## AIM OF THE EXERCISE
Since only the written part is wanted, repeat the records exactly and omit the pictures.

## ENTRIES SHOWN
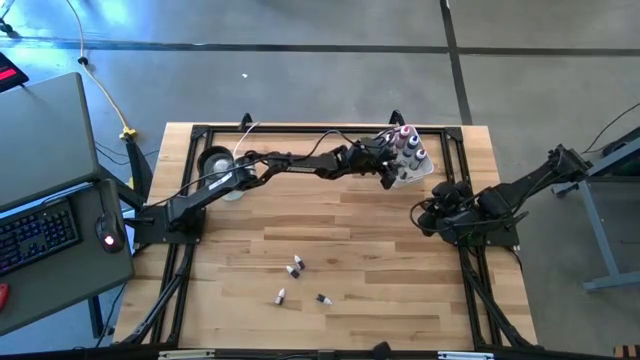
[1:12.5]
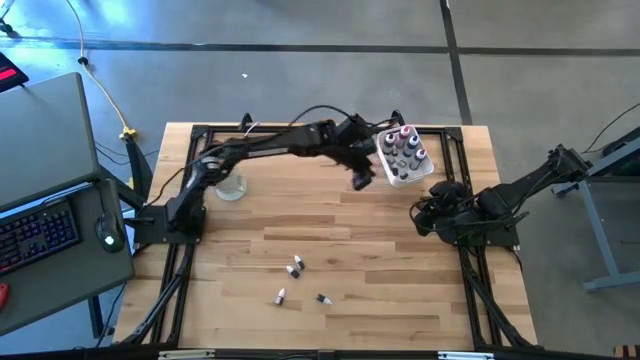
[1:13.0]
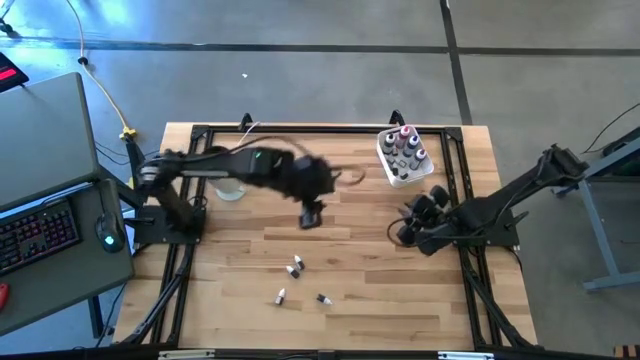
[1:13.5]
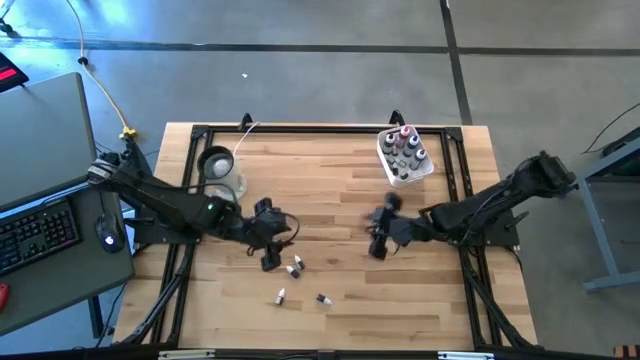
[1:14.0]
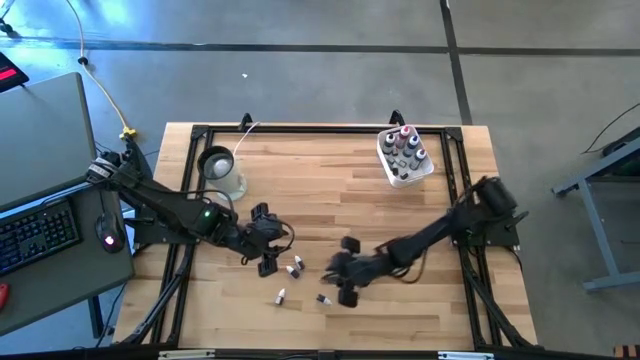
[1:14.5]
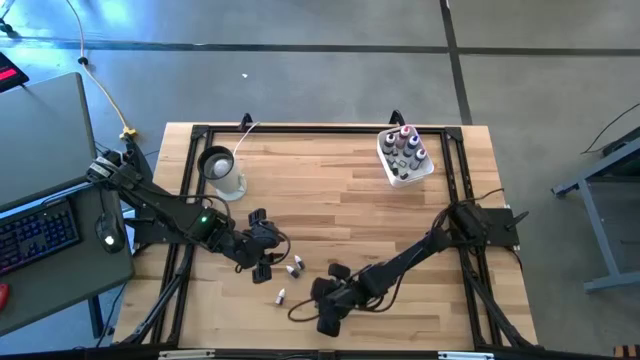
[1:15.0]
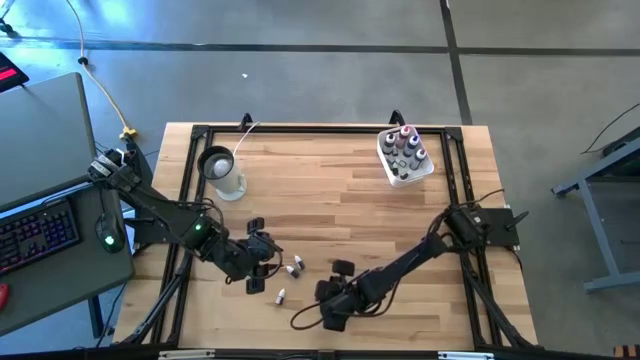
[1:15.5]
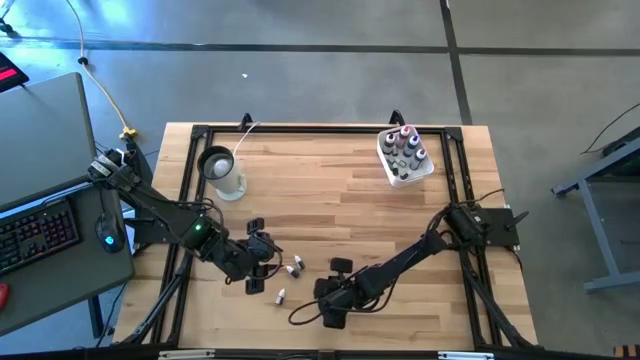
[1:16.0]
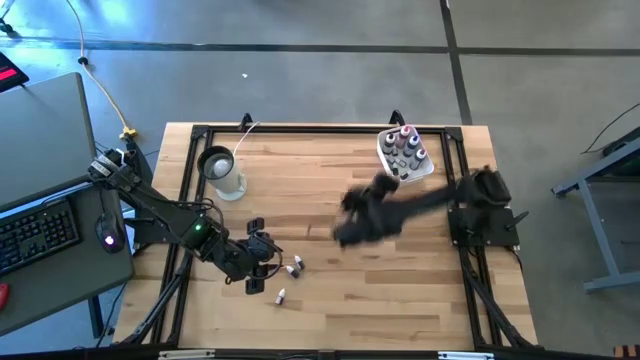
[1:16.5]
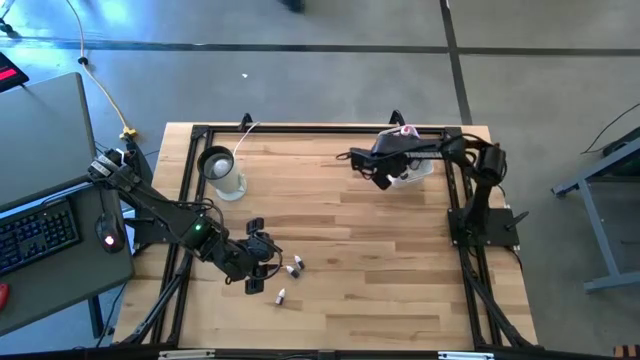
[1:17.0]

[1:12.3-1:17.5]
Put the small green food coloring bottle into the white bin

## SOLUTION TO THIS TASK
[1:12.5]
[1:13.0]
[1:13.5]
[1:14.0]
[1:14.5]
[1:15.0]
[1:15.5]
[1:16.0]
[1:16.5]
[1:17.0]

[1:12.3-1:17.5]
Put the small green food coloring bottle into the white bin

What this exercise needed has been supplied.